The final version was a lot more intuitive, and testers finally seemed to understand the concept

In the final design I used the more commonly known “Tinder card swiping” design pattern. This seemed to be more intuitive, although there were different opinions about whether it was the best design for this purpose.

I chose to stick with it, since it also made it easier for people to view the project details.

In the original version, I showed the full project with the “did you work on this” buttons on top in the bottom, and people missed them.

In both versions, and from the very beginning, I had included a “Why was this suggested” link, where members can investigate the rules behind the feature. This was also due to Feats’ (and my own) principle of full data transparency. As an added bonus, it helped testers to understand the feature better, when they knew how it was done. And many of them asked, how it was even possible to suggest projects like this. Magic! 🔮🧙‍♀️

All of the rules for the suggester

I moved the Project Suggester into a flow of its own, knowing it should potentially be accessed from different places, the profile, an onboarding, even an email. Initially, the idea was that the Project Suggester should have been a “page” all on its own, but it didn’t make sense.

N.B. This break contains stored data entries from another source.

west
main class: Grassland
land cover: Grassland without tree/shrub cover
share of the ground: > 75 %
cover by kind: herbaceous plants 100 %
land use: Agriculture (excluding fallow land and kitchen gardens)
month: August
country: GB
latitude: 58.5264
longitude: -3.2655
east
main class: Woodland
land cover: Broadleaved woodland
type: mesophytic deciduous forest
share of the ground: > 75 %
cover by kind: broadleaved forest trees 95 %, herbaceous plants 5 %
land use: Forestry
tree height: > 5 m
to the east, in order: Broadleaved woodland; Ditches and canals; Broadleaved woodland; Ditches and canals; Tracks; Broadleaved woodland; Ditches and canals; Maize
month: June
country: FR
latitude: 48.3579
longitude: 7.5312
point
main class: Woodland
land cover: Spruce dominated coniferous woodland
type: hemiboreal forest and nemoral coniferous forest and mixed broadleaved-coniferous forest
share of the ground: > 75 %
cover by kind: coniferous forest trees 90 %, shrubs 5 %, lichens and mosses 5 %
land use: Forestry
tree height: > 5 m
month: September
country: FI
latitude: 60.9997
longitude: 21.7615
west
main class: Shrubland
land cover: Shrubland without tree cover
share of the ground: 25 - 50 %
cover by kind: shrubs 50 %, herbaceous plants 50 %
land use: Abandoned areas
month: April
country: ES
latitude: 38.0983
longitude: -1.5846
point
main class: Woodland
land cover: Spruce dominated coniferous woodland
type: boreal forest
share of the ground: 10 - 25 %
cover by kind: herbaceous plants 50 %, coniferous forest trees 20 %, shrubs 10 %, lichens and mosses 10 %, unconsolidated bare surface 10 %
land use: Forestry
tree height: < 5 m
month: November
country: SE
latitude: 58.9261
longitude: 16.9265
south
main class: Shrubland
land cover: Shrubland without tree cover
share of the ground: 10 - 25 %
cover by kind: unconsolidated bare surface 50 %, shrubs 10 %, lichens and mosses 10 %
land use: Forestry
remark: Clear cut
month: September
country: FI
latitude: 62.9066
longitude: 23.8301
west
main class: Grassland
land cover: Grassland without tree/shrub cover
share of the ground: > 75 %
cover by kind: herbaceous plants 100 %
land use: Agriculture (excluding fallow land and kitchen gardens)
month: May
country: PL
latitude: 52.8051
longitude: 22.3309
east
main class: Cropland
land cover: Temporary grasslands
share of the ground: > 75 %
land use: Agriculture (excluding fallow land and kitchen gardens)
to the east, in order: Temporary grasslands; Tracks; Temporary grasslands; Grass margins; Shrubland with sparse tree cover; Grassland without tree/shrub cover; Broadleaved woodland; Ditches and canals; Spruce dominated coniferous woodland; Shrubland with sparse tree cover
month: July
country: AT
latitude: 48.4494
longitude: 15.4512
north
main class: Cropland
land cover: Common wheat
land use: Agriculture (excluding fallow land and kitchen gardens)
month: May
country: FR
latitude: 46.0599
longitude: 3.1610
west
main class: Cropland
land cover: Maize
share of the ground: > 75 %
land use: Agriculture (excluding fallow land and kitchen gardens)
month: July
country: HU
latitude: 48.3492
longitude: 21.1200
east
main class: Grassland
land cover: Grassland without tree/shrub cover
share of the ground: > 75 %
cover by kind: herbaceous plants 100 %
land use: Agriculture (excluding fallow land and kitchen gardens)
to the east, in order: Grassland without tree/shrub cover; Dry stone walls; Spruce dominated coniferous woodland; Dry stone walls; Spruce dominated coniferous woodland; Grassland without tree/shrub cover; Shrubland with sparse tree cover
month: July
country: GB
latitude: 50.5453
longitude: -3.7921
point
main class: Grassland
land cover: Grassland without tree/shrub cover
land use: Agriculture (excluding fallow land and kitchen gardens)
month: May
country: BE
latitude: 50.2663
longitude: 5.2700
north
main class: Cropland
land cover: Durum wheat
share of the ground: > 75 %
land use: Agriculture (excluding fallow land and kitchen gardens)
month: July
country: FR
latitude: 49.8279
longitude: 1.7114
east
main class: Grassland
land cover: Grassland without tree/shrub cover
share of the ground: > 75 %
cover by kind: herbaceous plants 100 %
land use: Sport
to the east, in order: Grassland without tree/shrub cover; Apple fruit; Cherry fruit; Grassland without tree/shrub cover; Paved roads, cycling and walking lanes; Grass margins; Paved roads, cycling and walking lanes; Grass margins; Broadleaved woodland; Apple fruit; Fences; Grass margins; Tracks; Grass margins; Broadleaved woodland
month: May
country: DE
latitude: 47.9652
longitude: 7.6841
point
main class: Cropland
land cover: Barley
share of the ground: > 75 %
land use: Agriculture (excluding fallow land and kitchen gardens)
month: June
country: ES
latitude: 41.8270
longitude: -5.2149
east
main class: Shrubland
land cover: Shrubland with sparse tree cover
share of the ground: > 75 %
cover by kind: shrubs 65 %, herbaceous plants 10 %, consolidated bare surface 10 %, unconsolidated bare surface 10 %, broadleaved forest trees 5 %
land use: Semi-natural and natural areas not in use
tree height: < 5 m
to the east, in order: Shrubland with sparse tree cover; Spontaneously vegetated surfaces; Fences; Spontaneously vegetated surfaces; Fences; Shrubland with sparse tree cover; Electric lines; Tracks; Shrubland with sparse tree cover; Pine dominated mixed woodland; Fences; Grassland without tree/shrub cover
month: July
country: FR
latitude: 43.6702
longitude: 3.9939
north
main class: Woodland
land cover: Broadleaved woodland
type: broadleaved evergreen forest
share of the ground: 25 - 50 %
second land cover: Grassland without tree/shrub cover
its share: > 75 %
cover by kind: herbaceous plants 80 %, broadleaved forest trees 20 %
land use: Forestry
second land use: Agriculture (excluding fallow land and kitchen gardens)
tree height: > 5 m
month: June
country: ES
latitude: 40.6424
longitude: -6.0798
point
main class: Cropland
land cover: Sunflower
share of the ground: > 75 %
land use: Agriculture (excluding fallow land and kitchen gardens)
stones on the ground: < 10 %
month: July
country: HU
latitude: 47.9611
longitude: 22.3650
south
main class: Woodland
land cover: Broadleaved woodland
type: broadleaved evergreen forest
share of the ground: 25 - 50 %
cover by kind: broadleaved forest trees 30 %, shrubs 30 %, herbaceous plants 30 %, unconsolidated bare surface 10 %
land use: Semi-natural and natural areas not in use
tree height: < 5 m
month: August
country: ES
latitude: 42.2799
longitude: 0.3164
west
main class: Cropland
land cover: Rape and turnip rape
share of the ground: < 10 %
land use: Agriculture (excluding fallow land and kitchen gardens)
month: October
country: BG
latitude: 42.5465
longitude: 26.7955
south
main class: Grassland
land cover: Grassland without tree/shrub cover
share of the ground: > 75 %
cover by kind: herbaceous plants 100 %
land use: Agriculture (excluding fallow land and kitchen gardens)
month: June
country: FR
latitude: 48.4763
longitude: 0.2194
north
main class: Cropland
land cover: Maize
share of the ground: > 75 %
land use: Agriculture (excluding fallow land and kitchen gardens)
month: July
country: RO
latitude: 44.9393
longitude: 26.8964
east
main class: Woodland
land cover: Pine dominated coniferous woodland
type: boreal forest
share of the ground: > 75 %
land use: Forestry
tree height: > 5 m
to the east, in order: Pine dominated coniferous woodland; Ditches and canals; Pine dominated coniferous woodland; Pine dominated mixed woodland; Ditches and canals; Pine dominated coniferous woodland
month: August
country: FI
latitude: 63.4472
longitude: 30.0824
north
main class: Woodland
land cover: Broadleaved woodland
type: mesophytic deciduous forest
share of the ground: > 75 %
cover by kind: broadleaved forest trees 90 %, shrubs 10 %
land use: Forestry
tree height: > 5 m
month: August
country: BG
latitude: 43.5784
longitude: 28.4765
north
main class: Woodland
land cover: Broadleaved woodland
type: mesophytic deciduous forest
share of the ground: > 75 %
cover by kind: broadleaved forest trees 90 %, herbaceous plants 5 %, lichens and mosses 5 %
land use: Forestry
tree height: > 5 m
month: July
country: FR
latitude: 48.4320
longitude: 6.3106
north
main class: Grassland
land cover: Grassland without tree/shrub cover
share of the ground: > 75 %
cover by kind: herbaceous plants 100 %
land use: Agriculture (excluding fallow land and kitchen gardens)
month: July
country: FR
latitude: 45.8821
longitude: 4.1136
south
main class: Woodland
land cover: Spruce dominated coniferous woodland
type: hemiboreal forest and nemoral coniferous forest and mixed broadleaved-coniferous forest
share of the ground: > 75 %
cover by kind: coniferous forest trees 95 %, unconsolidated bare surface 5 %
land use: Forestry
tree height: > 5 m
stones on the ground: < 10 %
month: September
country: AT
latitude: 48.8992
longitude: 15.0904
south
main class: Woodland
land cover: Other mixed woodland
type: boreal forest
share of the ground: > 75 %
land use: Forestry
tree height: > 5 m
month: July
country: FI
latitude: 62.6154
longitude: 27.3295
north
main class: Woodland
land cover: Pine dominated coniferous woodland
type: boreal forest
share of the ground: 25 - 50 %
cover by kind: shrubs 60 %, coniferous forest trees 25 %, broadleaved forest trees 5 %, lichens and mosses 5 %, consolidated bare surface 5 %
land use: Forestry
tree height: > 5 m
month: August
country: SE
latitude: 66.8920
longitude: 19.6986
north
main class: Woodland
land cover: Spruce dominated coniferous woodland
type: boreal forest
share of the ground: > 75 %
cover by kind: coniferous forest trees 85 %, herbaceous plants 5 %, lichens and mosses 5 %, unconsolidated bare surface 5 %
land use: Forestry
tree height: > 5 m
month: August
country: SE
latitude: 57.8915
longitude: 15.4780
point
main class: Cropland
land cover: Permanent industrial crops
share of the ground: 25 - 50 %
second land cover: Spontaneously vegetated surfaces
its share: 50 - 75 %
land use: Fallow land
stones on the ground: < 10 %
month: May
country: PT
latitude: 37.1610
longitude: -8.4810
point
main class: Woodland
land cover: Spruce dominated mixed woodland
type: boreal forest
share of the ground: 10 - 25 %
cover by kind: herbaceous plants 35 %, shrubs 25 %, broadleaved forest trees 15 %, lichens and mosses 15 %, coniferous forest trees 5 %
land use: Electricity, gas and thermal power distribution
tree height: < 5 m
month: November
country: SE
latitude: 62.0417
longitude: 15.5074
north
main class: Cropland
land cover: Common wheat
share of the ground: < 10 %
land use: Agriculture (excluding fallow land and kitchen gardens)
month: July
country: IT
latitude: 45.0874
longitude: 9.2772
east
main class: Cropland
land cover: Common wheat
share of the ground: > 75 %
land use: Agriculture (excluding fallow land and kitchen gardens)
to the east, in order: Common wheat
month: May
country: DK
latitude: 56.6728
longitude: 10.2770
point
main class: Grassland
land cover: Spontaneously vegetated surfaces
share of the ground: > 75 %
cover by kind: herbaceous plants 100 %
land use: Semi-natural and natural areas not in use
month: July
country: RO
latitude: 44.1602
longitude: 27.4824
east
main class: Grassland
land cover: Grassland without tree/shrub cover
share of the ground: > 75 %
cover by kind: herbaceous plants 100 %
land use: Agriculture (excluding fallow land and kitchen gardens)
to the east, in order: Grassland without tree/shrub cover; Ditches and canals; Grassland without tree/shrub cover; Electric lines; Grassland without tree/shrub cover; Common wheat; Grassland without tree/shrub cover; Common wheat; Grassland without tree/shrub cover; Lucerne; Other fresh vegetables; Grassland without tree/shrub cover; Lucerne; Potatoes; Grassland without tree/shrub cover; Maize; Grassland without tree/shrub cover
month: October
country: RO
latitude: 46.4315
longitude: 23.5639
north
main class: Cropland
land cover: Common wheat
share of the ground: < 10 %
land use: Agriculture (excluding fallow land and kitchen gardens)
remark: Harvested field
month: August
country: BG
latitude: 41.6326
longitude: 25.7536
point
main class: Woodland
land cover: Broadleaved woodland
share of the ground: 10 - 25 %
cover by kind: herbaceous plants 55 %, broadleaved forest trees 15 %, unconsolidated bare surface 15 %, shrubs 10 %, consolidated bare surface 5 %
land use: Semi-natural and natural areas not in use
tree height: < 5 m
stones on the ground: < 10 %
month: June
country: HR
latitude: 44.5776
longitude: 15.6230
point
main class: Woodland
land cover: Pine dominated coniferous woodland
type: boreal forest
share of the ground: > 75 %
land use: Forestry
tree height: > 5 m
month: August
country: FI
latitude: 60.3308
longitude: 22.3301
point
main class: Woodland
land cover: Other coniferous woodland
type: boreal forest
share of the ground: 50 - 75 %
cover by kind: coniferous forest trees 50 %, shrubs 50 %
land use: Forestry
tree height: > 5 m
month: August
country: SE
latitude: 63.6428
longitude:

I also added a small onboarding flow to explain the feature for the first time people use it.

Finally, I worked with the button designs. Alot.

I focused most of my time and attention on the mobile version, since checking your project suggestions should be something easily done while you’re on the go. Adding your projects and writing case studies is something people are more likely to do on a computer.

And, speaking of people.

User testing

For testing, we primarily created click-through prototypes with follow-up questions and ratings using Maze. I was especially interested in finding out if adding other people on a project was intuitive, and if people understood how they could add others (searching for a name, adding an email, etc.)

Because when members added themselves on a project that didn’t yet have anyone else who could confirm their participation, it was critical that they could add other people successfully, so they could get into the project.

This way of verifying roles, through a whole verification system, was extremely difficult to work with, because it heavily constrained the design. It also challenged me to try to make a very difficult thing to understand, seem intuitive and self-explanatory. I didn’t always entirely succeed. But it the verification is the way that Feats ensures, that people who are on a project, actually worked on that project, because the people verify each others participation.

As part of the larger research project to redesign and reposition the product, we did online prototype tests of a prototype of the entire platform, and this included the first version of the Project Suggester.

Development

The way I worked with this design solution was designing the full feature, and then collaborating with my colleague the Product Lead on chopping it up into nice little bite-sized versions. This way, we would be able to release small, incremental improvements rather than have extremely large and long development projects. The true value of my designs isn’t realised until it’s released into the product, and is being used by the people its designed for.

Throughout the process, I’d had calls with developers about the feature in its different stages. This is to make sure I don’t run down a road design-wise that there is no way in hell we could build. But for the final design handoff to development, I held a kick-off meeting and presented the final feature.